Y lloran hacia dentro arrasando el alma.
En un extraño rito, me tendió en la cama y como un ser de otro mundo, abrió sus ojos enormes y profundos muy cerca de los míos. Había constelaciones y cometas.
Abrí la boca como un imbécil ante aquel universo y sus labios húmedos que parecían flotar encima de mi rostro.
Y vertió sus lágrimas en mis ojos secos, un colirio cósmico de luz negra.
Volé veloz por el llanto a la velocidad de la luz.
Me preguntaba si sería legal esa velocidad.
He nacido de un llanto que ha brotado de un lagrimal seco y costroso que ella ha limpiado. Como si fuera fácil.
Ha dejado caer sus propias lágrimas en mis ojos. He gritado de melancolía y dolor. Acariciándome el rostro me consolaba del torrente de emociones. Me anclaba a su mundo de seda y sangre viva y roja.
He llorado en su vientre, mojándolo de mi llanto y mi saliva.
Y su rostro surcado de hermosos ríos de rímel, me sonreía.

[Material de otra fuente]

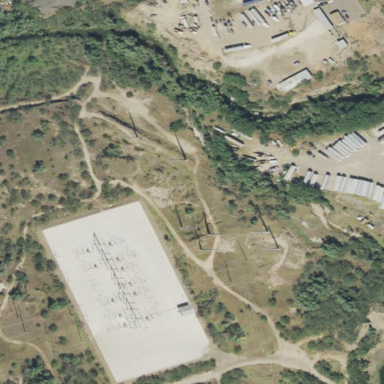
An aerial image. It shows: Fence surrounds transmission level power substation.

He salido a la vida arrastrado por la lágrima incontenida, incontenible. Expulsado del infierno a través del dique que mi amor ha roto. Ha estallado mi pena en metralla que ha hecho arder mis ojos.
Y he sentido vida en el cuerpo.
Vida en mi cerebro, si queda algo de él.
Y duele la piel de tanto sentir, de tanto amar.
Mierda... No me parieron para esto, necesitaba entrenamiento.
Llorar es ser parido de nuevo, es dolor y pena en el tejido cárnico y el espiritual (tenía espíritu, no lo sabía). No puede hacer daño.
Hay fantasía ahora en el cerebro que recibe un millón de sensaciones que resbalan por la cara escociendo.
Hay una lágrima que refleja su rostro y es la única que me hace sonreír.
Amo sus ojos negros, tizones húmedos que dejan estelas negras de amor en su faz.
(Y amo su coño bendito que parece llorar ante mí)
Catapultado a la vida.
He reventado en un torbellino de emociones.
Es hermoso llorar en ella, con ella.
Desgarrar el iris seco.
Hay tanta pena por verter...
Ahora tengo lágrimas con las que limpiar los amaneceres en mis pupilas.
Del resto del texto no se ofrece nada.